In the primary side of this circuit, there is an inductor of 1mH.

In the secondary side of there is inductance of 2mH in phase with the primary.

The inductors are ideal: they have no parasitic capacitances, resistances, leakage inductances and there are no core losses associated with your transformer.

Therefore the phase difference between the `Vin` and `Vout` probes is always zero. If the reversed the phasing of the secondary side inductor was reversed then the resultant secondary would be 2mH in anti-phase with the primary so the phase difference would always be 180 degrees.

However, if probes are placed across the voltage source on the primary side and across either the primary or the secondary, then a phase shift and an attenuation will be observed because the inductances of the transformer creates a high pass filter with the 1k in series with the voltage source together with the transformed parallel 1k resistance on the secondary side.
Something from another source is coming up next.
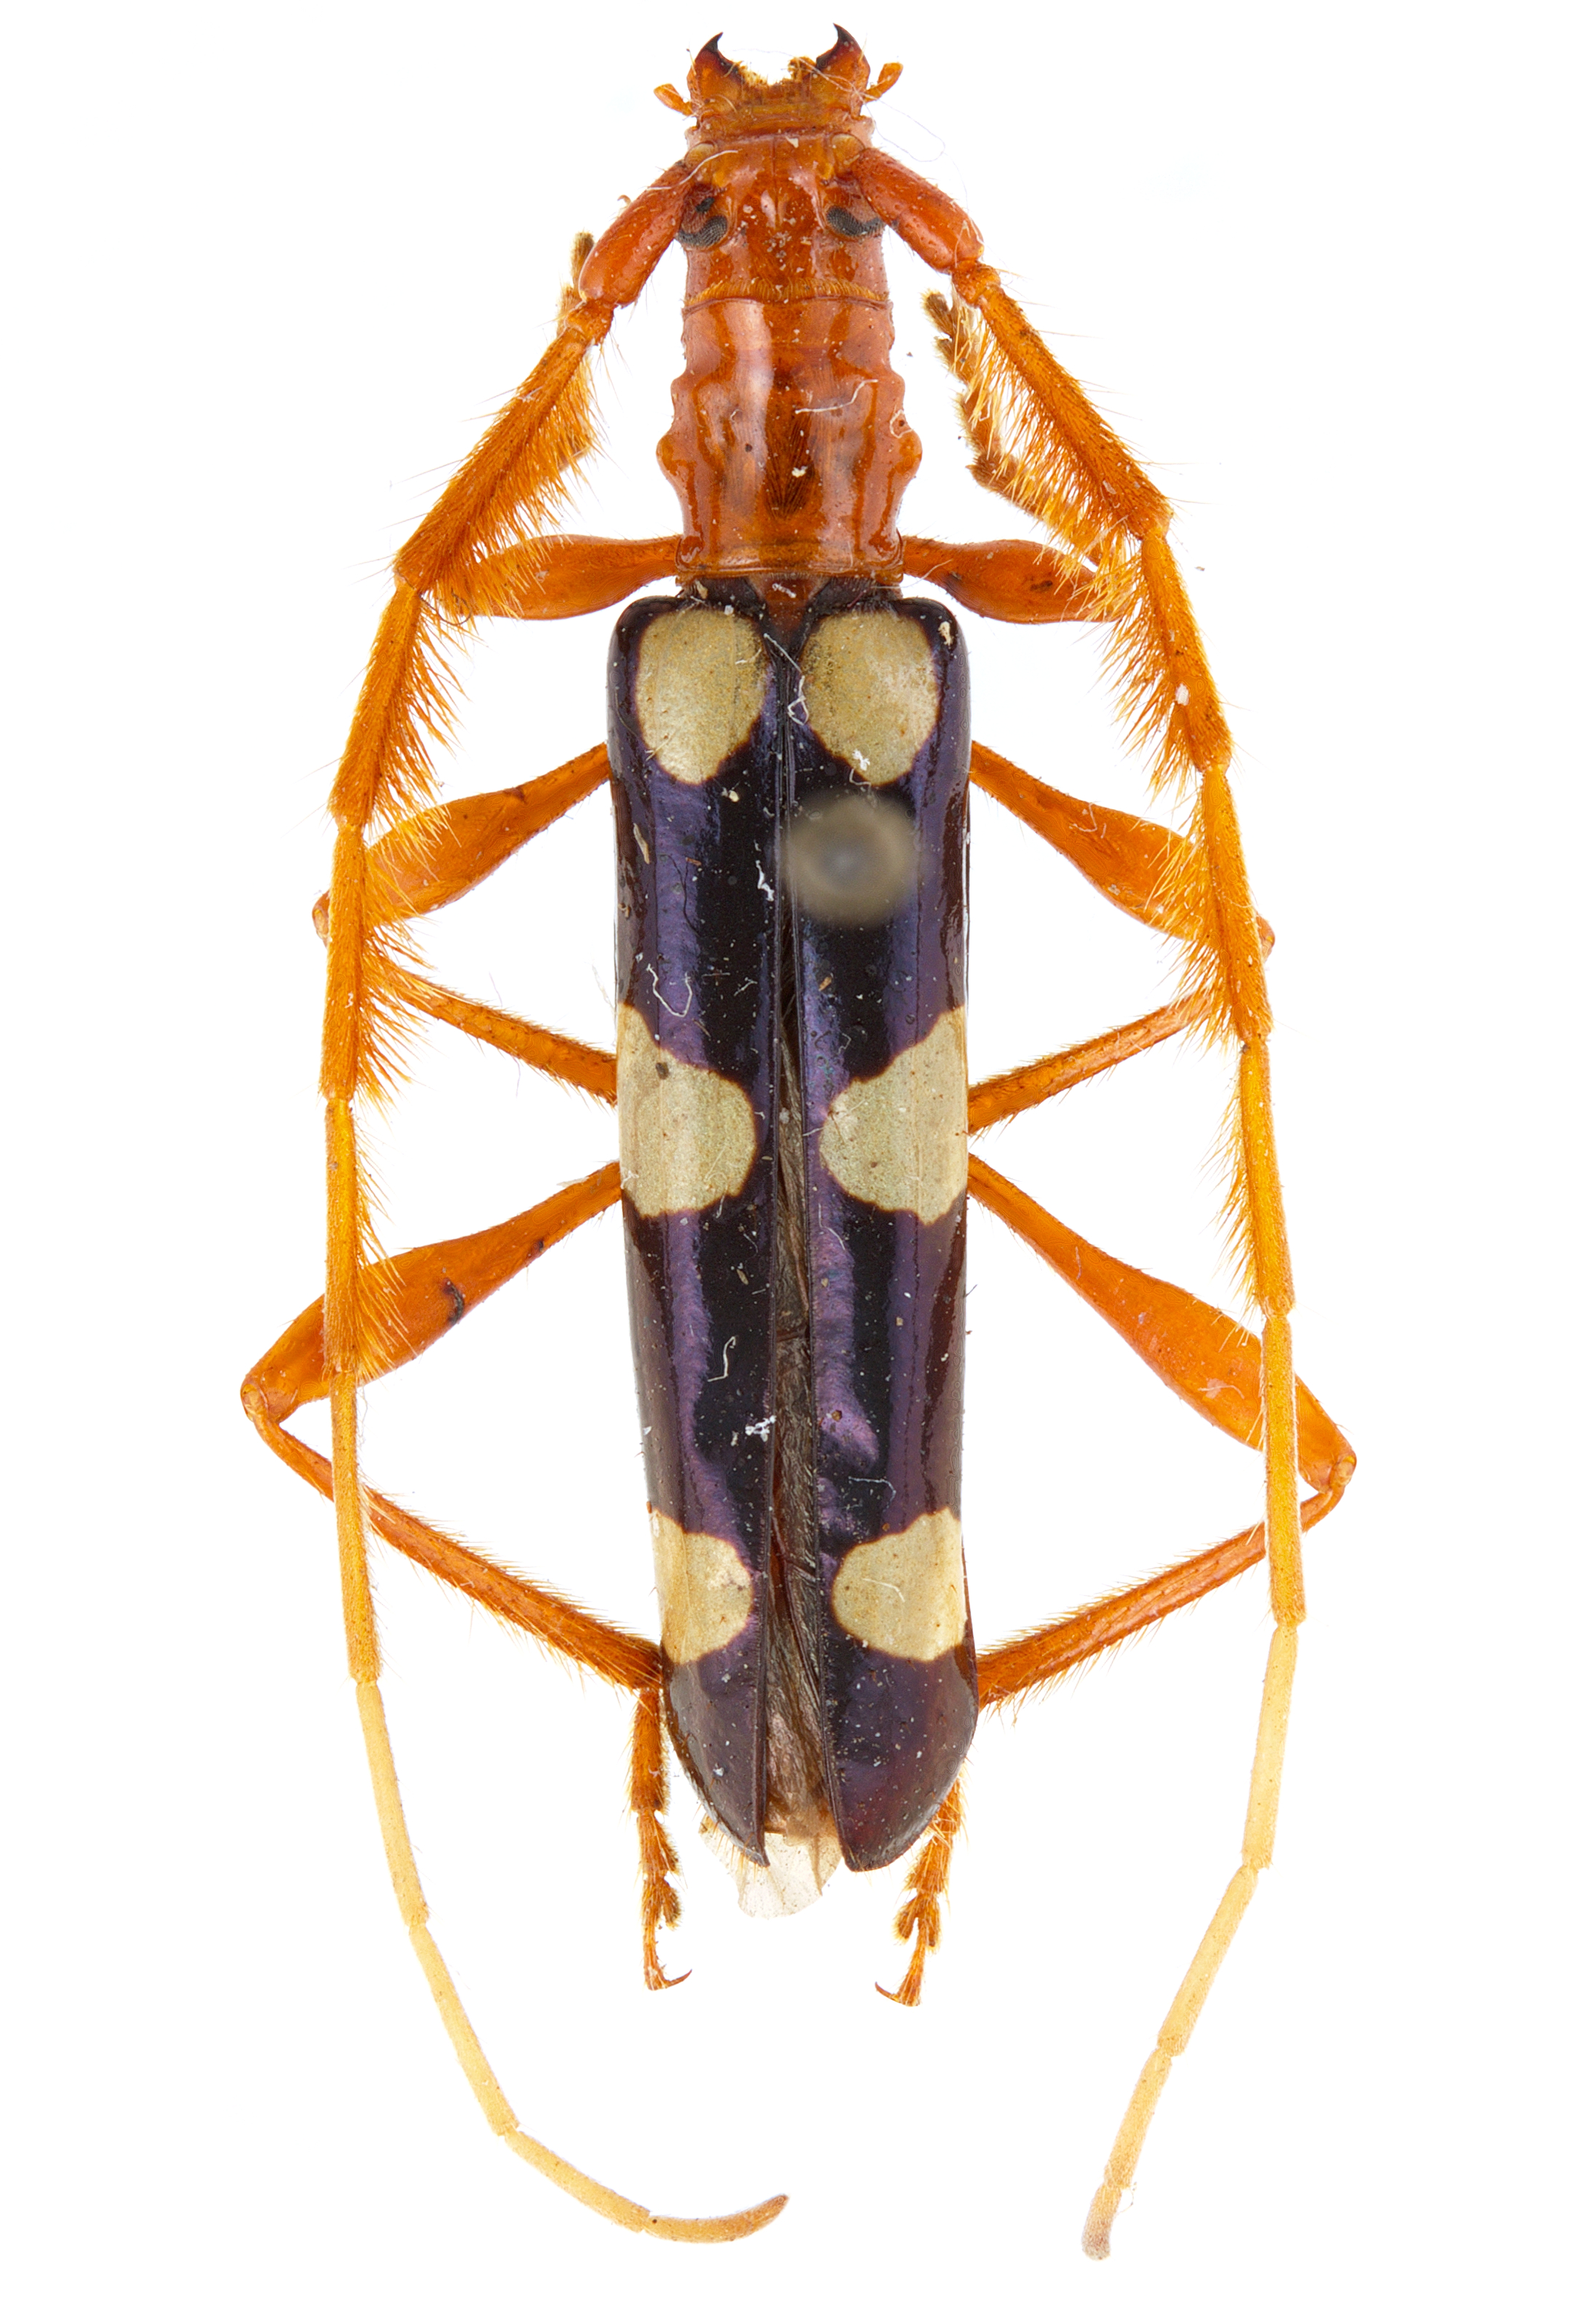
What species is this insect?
Achenoderus octomaculatus

To help visualise this, the transformer circuit can be simplified by reflecting the secondary side back to the primary.

Since inductance is proportional to the square of the turns ratio, the turns ratio is 1/sqrt(2):1 i.e. 0.7071:1.
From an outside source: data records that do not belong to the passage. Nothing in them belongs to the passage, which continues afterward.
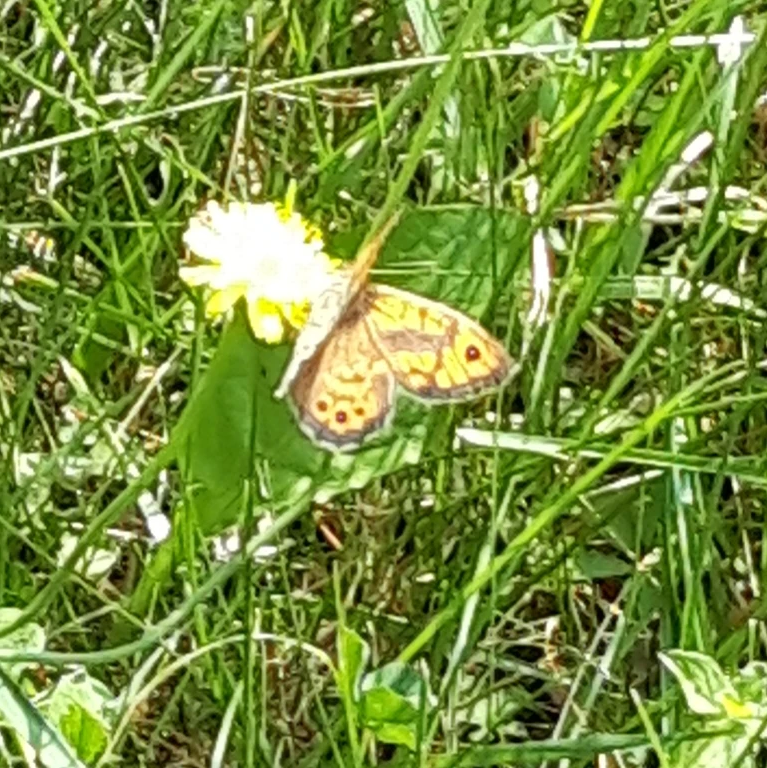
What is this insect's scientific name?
Lasiommata megera (also Pararge megera)
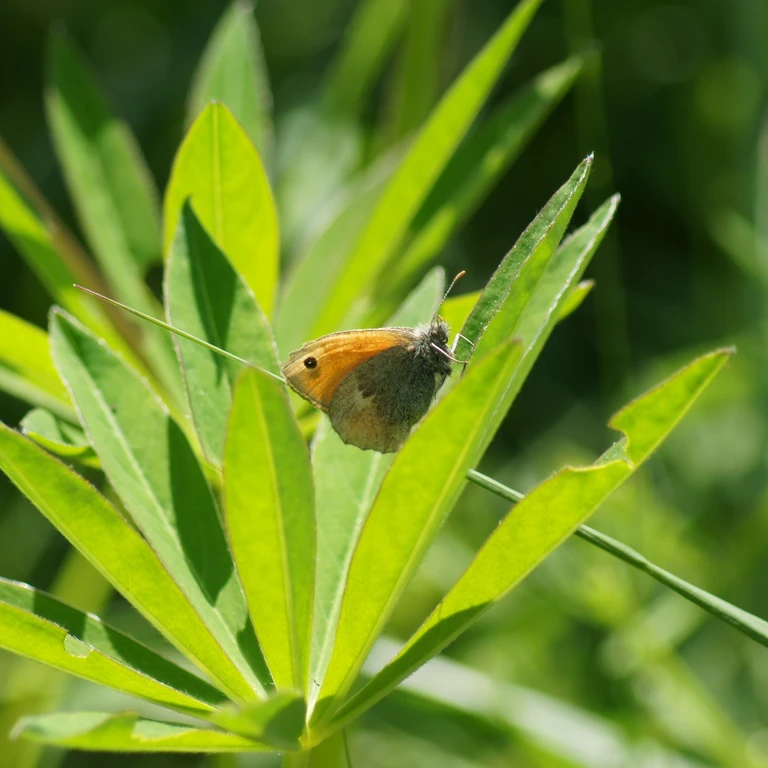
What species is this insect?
Coenonympha pamphilus
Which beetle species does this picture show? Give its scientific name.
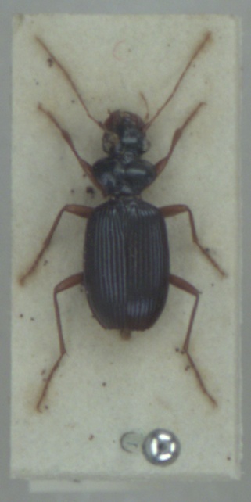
Leistus fulvibarbis

The resistances are also transformed by the square of the turns ratio.

Therefore, if the total 1k resistance in the secondary is transformed (or 'reflected') back into the primary side, it becomes 0.5k to ground.

Hence the total resistance of the LR high pass filter is 1k in parallel with 0.5k and the voltage source is attenuated by 0.5k/(1k+0.5K).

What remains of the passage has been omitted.